### Problem details:
Read the records beneath this task and copy every line that contains the string "style".

### Recorded data:

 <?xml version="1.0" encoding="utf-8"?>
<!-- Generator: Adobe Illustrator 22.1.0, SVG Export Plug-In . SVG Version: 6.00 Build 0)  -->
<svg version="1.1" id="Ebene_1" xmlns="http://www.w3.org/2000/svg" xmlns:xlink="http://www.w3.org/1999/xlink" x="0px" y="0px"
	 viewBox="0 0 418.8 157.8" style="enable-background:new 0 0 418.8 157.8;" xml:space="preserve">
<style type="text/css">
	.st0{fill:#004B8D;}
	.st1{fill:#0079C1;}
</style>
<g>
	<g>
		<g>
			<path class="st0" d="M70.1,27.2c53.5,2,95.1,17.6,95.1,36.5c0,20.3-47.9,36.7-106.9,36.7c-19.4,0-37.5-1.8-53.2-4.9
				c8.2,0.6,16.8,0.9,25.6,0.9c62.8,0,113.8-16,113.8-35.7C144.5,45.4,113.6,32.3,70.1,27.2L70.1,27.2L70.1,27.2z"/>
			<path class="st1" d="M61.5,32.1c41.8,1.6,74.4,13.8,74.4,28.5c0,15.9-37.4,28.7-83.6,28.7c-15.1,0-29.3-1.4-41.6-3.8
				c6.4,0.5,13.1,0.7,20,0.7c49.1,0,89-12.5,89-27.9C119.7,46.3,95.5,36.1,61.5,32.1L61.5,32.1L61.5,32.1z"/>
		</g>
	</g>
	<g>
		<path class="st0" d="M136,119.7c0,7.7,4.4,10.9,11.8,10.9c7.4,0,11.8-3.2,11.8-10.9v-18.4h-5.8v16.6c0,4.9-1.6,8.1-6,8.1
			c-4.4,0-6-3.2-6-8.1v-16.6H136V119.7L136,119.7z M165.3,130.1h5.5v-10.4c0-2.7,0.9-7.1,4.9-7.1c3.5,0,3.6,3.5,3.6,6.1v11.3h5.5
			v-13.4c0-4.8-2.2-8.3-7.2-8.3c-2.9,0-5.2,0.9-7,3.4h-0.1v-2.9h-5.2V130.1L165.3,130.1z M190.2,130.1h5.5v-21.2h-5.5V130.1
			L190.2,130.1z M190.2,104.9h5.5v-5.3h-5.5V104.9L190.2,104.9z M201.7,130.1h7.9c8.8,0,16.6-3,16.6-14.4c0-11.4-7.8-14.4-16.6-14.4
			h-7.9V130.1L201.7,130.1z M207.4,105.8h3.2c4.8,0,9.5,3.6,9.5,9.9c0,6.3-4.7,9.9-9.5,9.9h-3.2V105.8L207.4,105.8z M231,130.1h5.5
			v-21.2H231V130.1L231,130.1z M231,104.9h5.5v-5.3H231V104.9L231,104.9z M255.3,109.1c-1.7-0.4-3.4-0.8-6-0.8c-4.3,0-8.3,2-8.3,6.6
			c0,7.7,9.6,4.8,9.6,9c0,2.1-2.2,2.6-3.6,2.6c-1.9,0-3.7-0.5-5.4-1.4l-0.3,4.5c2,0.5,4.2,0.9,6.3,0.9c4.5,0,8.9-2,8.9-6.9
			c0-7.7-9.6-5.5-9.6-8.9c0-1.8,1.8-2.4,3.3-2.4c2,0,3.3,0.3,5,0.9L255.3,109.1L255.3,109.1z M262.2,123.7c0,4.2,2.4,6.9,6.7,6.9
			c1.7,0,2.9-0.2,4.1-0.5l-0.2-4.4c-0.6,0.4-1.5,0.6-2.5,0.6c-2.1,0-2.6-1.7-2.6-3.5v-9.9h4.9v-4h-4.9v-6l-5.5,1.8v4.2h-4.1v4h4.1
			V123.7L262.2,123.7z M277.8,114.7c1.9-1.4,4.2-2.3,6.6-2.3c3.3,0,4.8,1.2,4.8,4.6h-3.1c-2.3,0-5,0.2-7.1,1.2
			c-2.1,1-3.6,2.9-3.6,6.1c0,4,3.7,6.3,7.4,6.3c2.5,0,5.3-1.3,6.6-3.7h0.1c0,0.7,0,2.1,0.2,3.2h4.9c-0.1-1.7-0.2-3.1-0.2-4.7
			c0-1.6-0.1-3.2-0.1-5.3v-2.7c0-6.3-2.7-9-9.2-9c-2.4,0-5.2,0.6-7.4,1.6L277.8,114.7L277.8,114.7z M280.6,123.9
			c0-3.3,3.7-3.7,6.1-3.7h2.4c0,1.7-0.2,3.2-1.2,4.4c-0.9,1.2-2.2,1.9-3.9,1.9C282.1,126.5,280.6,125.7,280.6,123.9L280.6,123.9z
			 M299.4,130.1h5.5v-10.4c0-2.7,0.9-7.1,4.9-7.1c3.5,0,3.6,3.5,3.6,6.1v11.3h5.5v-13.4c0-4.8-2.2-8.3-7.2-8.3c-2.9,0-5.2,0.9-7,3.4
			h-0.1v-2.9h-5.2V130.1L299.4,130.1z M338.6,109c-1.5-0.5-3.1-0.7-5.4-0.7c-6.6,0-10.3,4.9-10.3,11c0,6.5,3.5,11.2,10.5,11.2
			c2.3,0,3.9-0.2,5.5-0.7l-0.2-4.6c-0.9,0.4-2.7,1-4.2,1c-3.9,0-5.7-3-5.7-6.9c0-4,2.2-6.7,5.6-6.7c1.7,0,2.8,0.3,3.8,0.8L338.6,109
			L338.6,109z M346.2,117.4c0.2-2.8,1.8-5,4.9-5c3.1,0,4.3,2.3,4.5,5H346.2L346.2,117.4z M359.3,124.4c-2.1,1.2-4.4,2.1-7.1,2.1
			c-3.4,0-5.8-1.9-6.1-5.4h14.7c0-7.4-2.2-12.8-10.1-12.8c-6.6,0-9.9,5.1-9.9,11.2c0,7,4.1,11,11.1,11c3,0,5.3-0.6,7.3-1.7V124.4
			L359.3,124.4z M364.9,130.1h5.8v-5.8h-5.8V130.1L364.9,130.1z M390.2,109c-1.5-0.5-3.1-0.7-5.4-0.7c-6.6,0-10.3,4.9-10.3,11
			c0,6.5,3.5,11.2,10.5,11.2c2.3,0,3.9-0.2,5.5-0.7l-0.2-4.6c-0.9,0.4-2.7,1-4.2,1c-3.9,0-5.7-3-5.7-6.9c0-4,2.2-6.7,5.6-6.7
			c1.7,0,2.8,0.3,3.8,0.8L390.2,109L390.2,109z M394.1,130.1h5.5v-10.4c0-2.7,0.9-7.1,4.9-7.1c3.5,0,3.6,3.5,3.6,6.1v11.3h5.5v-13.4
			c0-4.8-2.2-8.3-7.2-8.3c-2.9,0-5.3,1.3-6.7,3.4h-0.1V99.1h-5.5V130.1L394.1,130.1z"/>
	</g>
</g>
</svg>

### Answer to this task:
	 viewBox="0 0 418.8 157.8" style="enable-background:new 0 0 418.8 157.8;" xml:space="preserve">
<style type="text/css">
</style>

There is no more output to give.